Following criticism from business that the CRC is unduly complicated and imposes a heavy administrative burden on those businesses and organisations within the scheme, the government is undertaking a formal consultation on whether to simplify the scheme. The government has confirmed that if the consultation is unable to identify significant reductions in the administrative burdens involved, then later in 2012 the government will simply replace the CRC with an alternative environmental tax. This means that the fate of the CRC is unclear. Many experts believe that the CRC will be abolished and replaced with a more straightforward environmental tax.
The Green Deal is the government's initiative under the Energy Act 2011 to allow owners of properties to secure finance to undertake energy efficiency improvements to properties. There are no up front costs for the works to be undertaken (such as loft installation) and the costs are paid for over time in instalments to the energy supplier through the energy bills for the property. The payments will be made by the person who is for the time being liable to pay the energy bills, meaning that the debt will in effect run with the property and attach to the bill for the property rather than the original person who undertook the improvement if they sell the property or are not the occupier paying the bills.

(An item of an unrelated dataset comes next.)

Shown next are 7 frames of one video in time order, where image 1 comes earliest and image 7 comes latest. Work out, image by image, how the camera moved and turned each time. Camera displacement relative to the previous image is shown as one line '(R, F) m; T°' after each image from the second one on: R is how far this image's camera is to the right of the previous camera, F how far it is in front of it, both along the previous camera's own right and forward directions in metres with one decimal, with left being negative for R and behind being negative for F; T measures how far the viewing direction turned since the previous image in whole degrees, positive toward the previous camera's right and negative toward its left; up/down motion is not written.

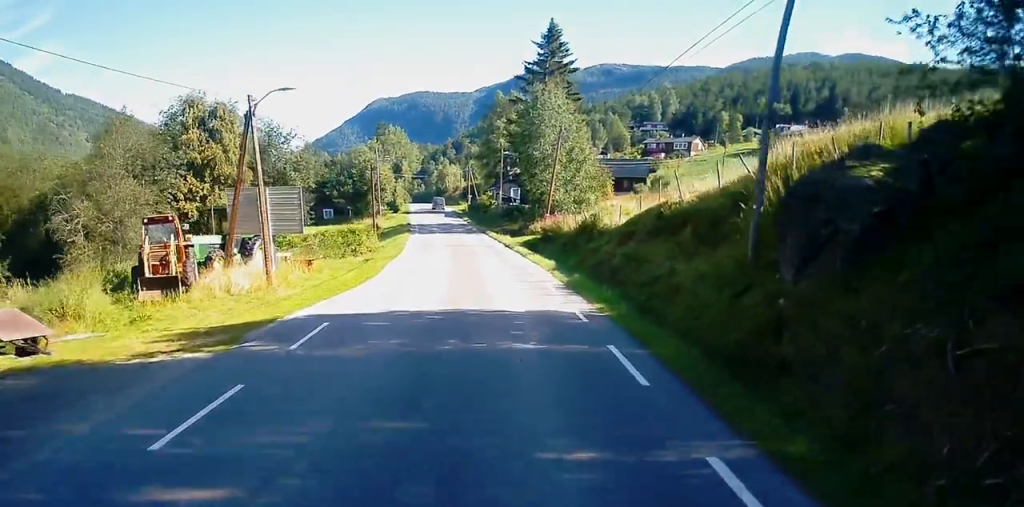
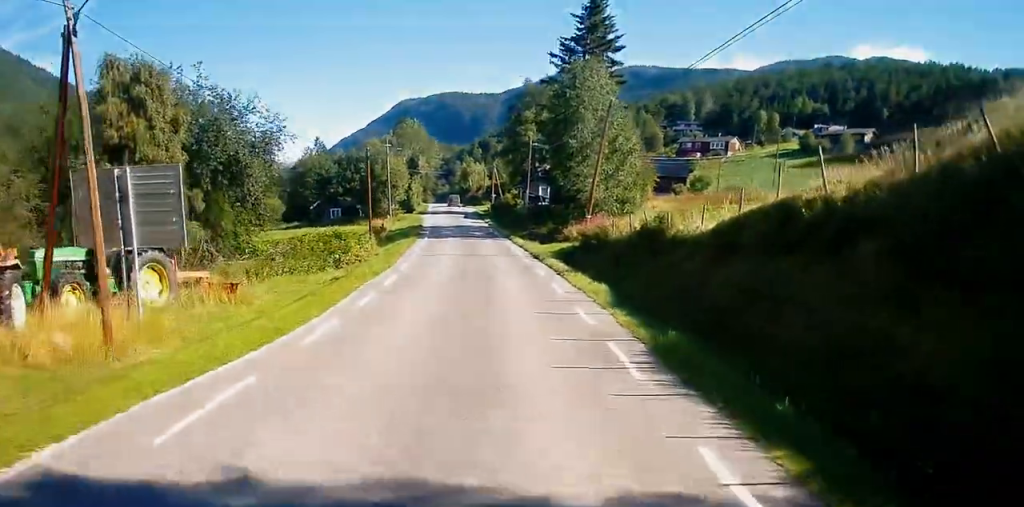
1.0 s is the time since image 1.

The government has indicated that the Green Deal will be available later in 2012 in respect of residential properties. The government has not yet set a date to roll out the Green Deal to commercial properties, so it is unknown when this will happen. In principle the Green Deal could be used to finance energy efficiency in commercial properties.
If landlords wish to access Green Deal finance, they will be advised to consider their leases to ascertain whether they will be able to recover the costs through the service charge or the outgoings clause. In cases where tenants directly pay electricity charges to the electricity supplier, the tenant's consent to any Green Deal works would be required. Like the CRC, the Green Deal poses difficulties for landlords and tenants and could be a source for dispute between them as a result of their varying interests in the property.
The first national press coverage of the Green Deal was negative, when there was controversy over the so called "conservatory tax", which would have forced people to upgrade the energy efficiency of their homes (so as to boost uptake of the Green Deal) when undertaking extensions. However, as the above shows, the government is pushing on with the green agenda.